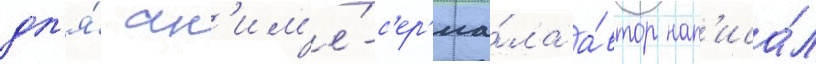
дл'я́ ан'им'е́-с'ер'иа́ла а́втор нап'иса́л
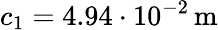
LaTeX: c_{1}=4.94\cdot 10^{-2}\, \mathrm{m}
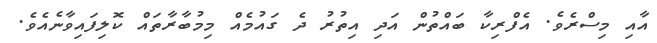
އާއި މިސްރެވެ. އެފްރިކާ ބައްތުން އަދި އިތުރު ދެ ގައުމެއް މިމުބާރާތައް ކޮލިފައިވާނެއެވެ.
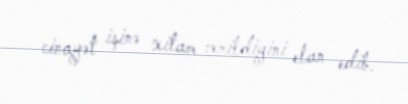
cinayət işinə xitam verildiyini elan edib.
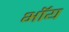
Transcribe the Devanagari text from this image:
भॉय
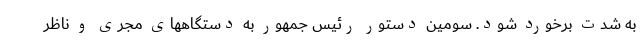
به شدت برخورد شود. سومین دستور رئیس جمهور به دستگاههای مجری و ناظر
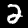
Label: 2
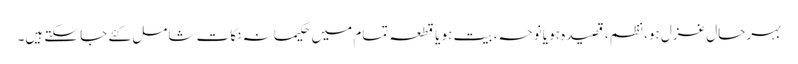
بہرحال غزل ہو، نظم، قصیدہ ہو یا نوحہ، بیت ہو یا قطعہ تمام میں حکیمانہ نکات شامل کئے جا سکتے ہیں۔
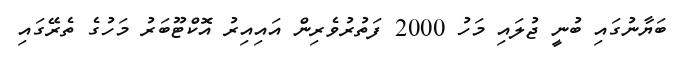
ބަޔާނުގައި ބުނީ ޖުލައި މަހު 2000 ފަތުރުވެރިން އައިިއިރު އޮކްޓޫބަރު މަހުގެ ތެރޭގައި
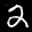
Label: 2
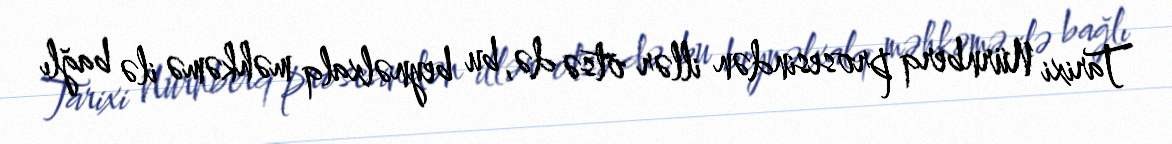
Tarixi Nürnberq prosesindən illər ötsə də, bu beynəlxalq məhkəmə ilə bağlı
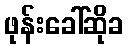
ဖုန်းခေါ်ဆိုခ
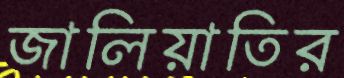
জালিয়াতির
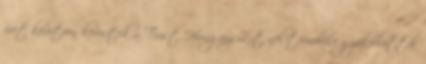
évet követôen kerestek a Trust Hungary Zrt.-nél termelési gyakorlattal
● ● ● ● ●
Retype the full listing above precisely. Exclude each picture you find in it.

▶ _The completed task_:
дл'я́ ан'им'е́-с'ер'иа́ла а́втор нап'иса́л
LaTeX: c_{1}=4.94\cdot 10^{-2}\, \mathrm{m}
އާއި މިސްރެވެ. އެފްރިކާ ބައްތުން އަދި އިތުރު ދެ ގައުމެއް މިމުބާރާތައް ކޮލިފައިވާނެއެވެ.
cinayət işinə xitam verildiyini elan edib.
Transcribe the Devanagari text from this image:
भॉय
به شدت برخورد شود. سومین دستور رئیس جمهور به دستگاههای مجری و ناظر
Label: 2
بہرحال غزل ہو، نظم، قصیدہ ہو یا نوحہ، بیت ہو یا قطعہ تمام میں حکیمانہ نکات شامل کئے جا سکتے ہیں۔
ބަޔާނުގައި ބުނީ ޖުލައި މަހު 2000 ފަތުރުވެރިން އައިިއިރު އޮކްޓޫބަރު މަހުގެ ތެރޭގައި
Label: 2
Tarixi Nürnberq prosesindən illər ötsə də, bu beynəlxalq məhkəmə ilə bağlı
ဖုန်းခေါ်ဆိုခ
জালিয়াতির
évet követôen kerestek a Trust Hungary Zrt.-nél termelési gyakorlattal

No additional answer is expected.